Reasons for Fluctuations in Gross Profit Ratio

Gross Profit on Sales

Gross profit simply means income accrued over and above the cost of goods sold. While assessing the gross profit, we give importance to the variable costs only. Cost of Materials, labor and other variable expenditure is considered here. For example: An organization sold goods amounting to Rs. 1 crore, there were no opening and closing stocks, The Cost of Goods Sold is Rs. 60 Lakhs. Then the Gross profit of the organization is 40%.

Gross profit percentage can be determined by

Gross Profit/Sales*100

Importance of Gross profit:

  • Profit is the prime objective of doing Business.
  • Bankers while providing loans pay attention towards the earning capacity of the organization i.e. Gross Profit.
  • Various Institutions while rating organization consider gross profit ratio.
  • It determines the efficiency of organization.
  • It determines whether the organization will be able to meet all its liabilities within the given period of time.
  • It is a means to employees to determine whether they will receive Bonus, incentives and other benefits in future.
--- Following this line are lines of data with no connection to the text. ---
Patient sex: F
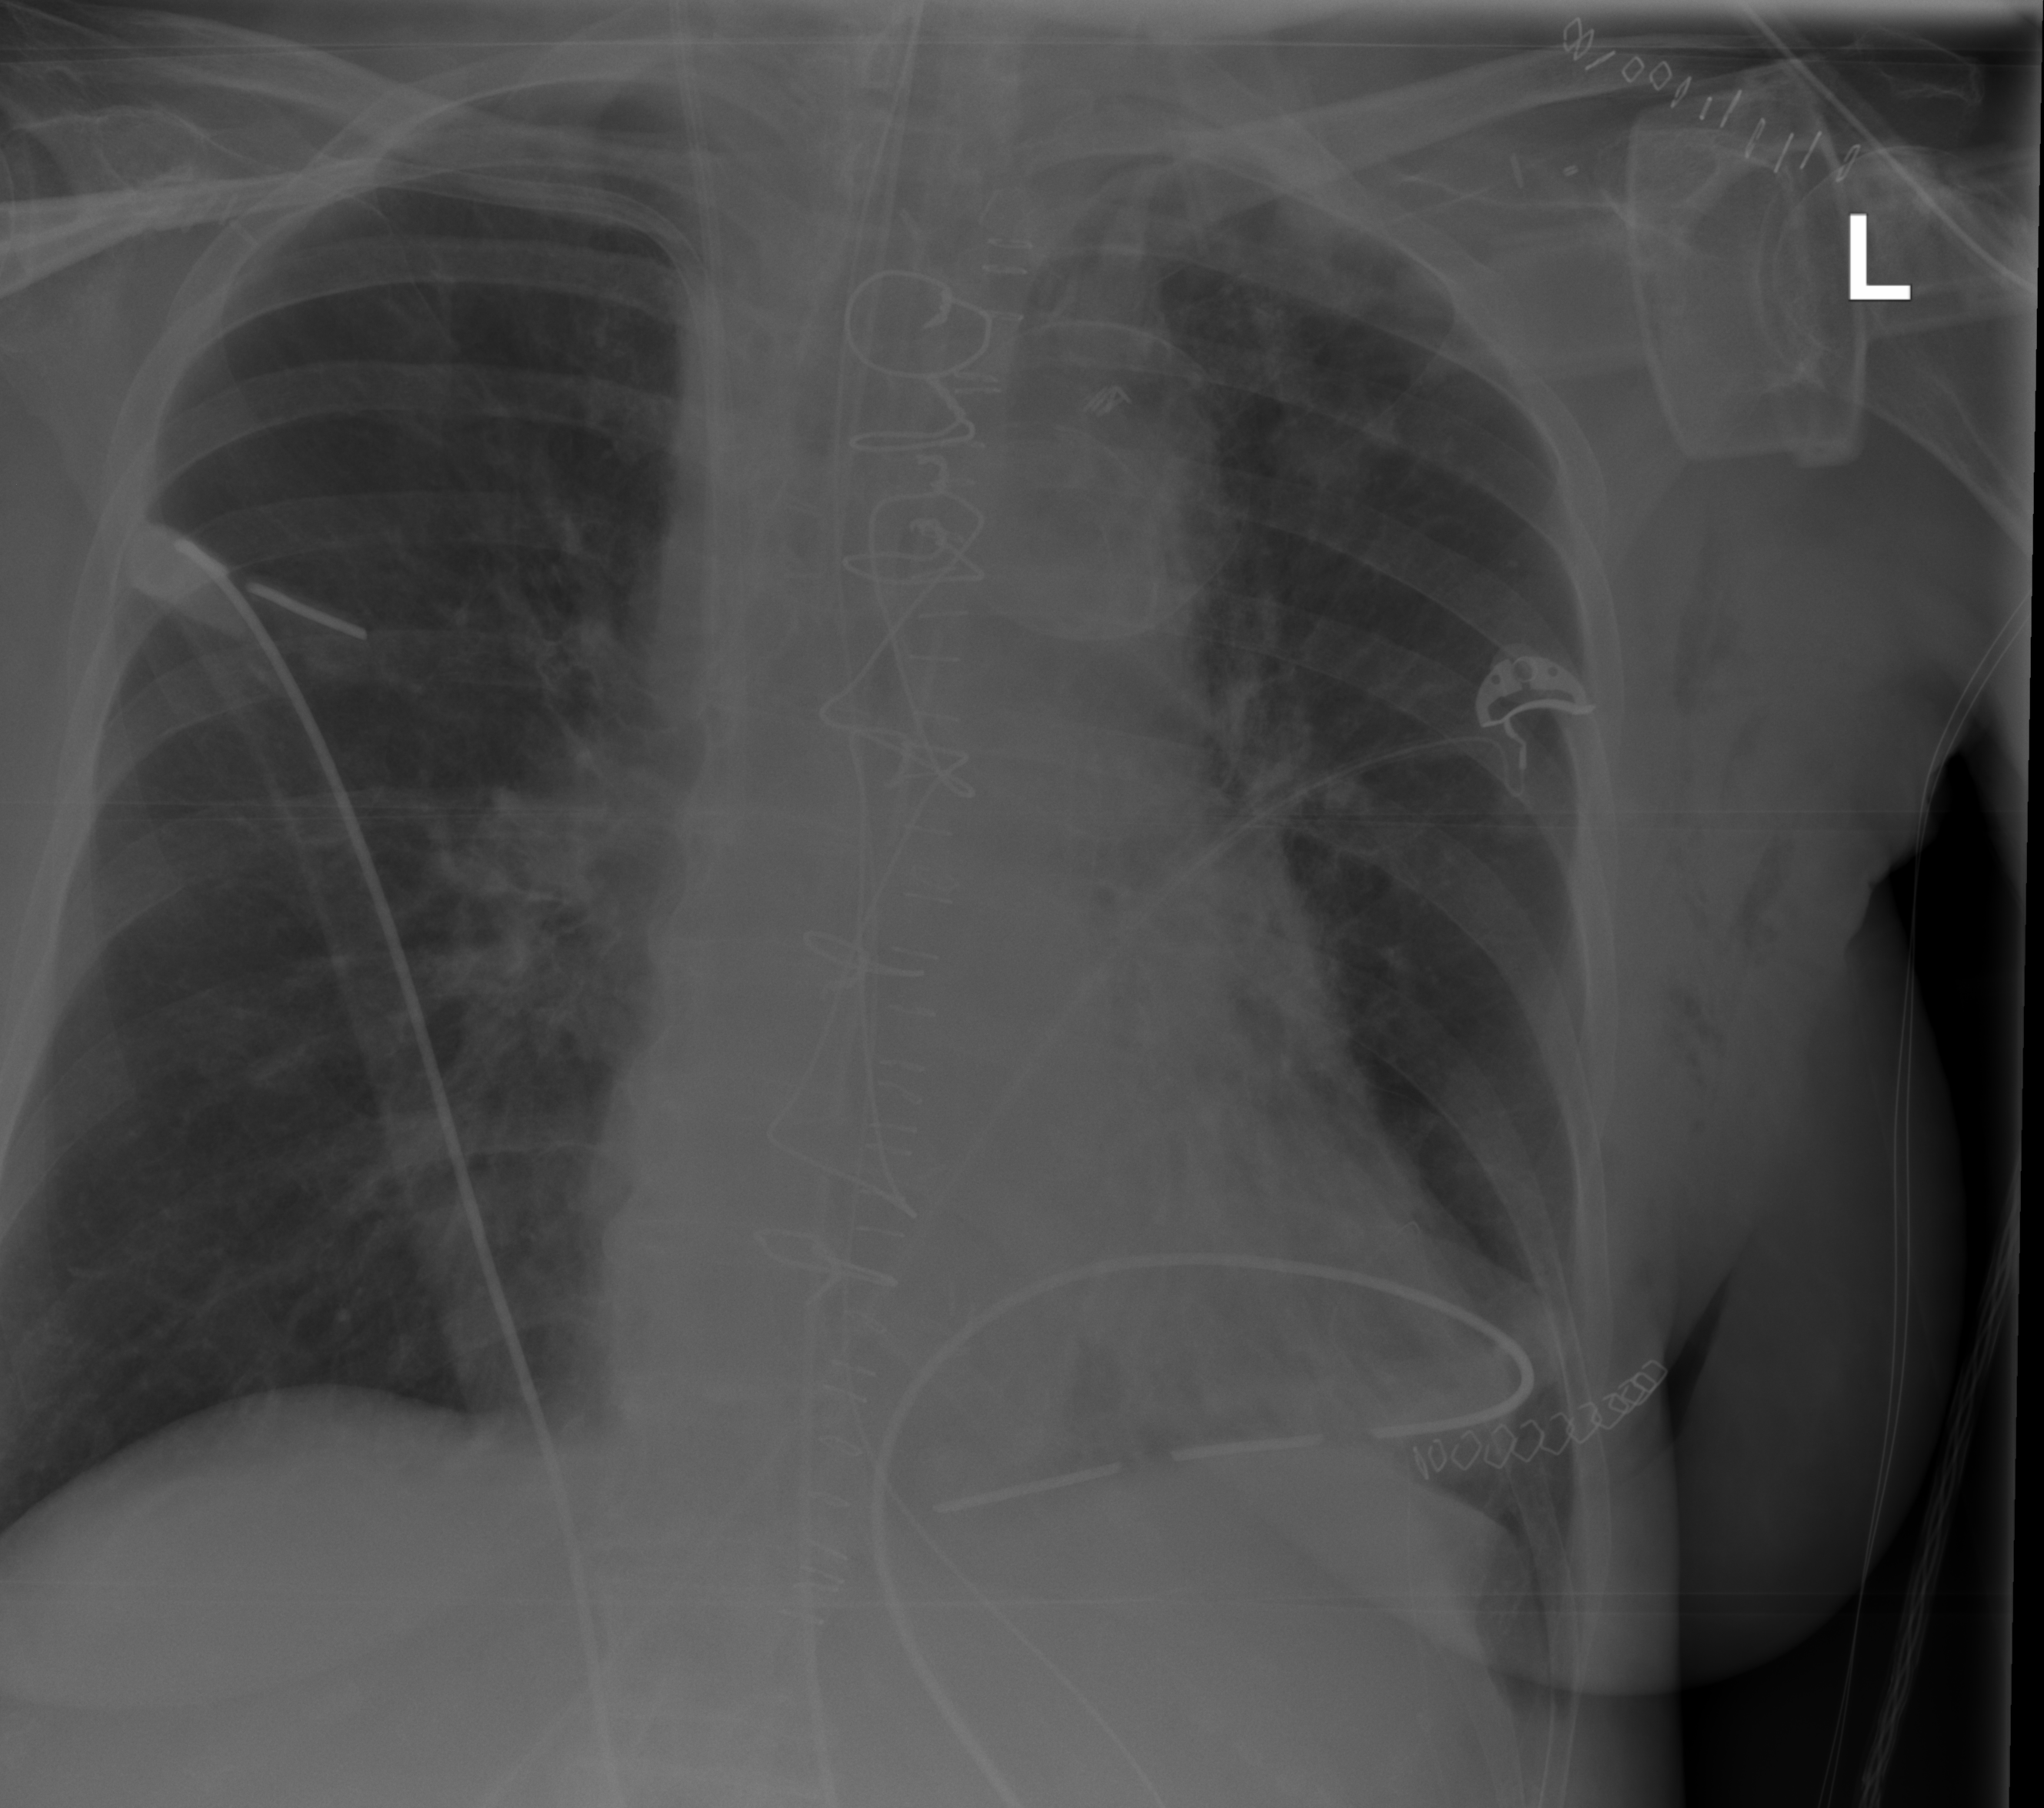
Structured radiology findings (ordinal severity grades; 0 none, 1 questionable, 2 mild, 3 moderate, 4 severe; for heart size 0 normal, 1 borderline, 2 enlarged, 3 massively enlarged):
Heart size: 2
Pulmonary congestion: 2
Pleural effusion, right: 0
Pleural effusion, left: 0
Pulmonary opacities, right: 0
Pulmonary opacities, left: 0
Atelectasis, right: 2
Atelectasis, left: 2

Thus, it becomes necessary to determine what the factors that can influence the gross profit are.

Reasons which increase gross profit:

1] Understating Opening Stock:

Organization sometimes understate the opening stock purposefully, this will result in reduction on debit side resulting in increase in the amount of Gross Profit. Auditors should check the opening stock value from the previous year’s audit report. Auditor should check that inventory is valued at net realizable value or cost whichever is lower.

2] REDUCTION IN PROVISION OF EXPENSES CONSIDERED IN TRADING ACCOUNT:

Organization may not make full provision of expenditure that is likely to occur. Thus reducing expenditure from trading account would lead to increase in the gross profit.
Auditor should determine whether provisions are appropriate by checking previous year provisions and current year recent developments.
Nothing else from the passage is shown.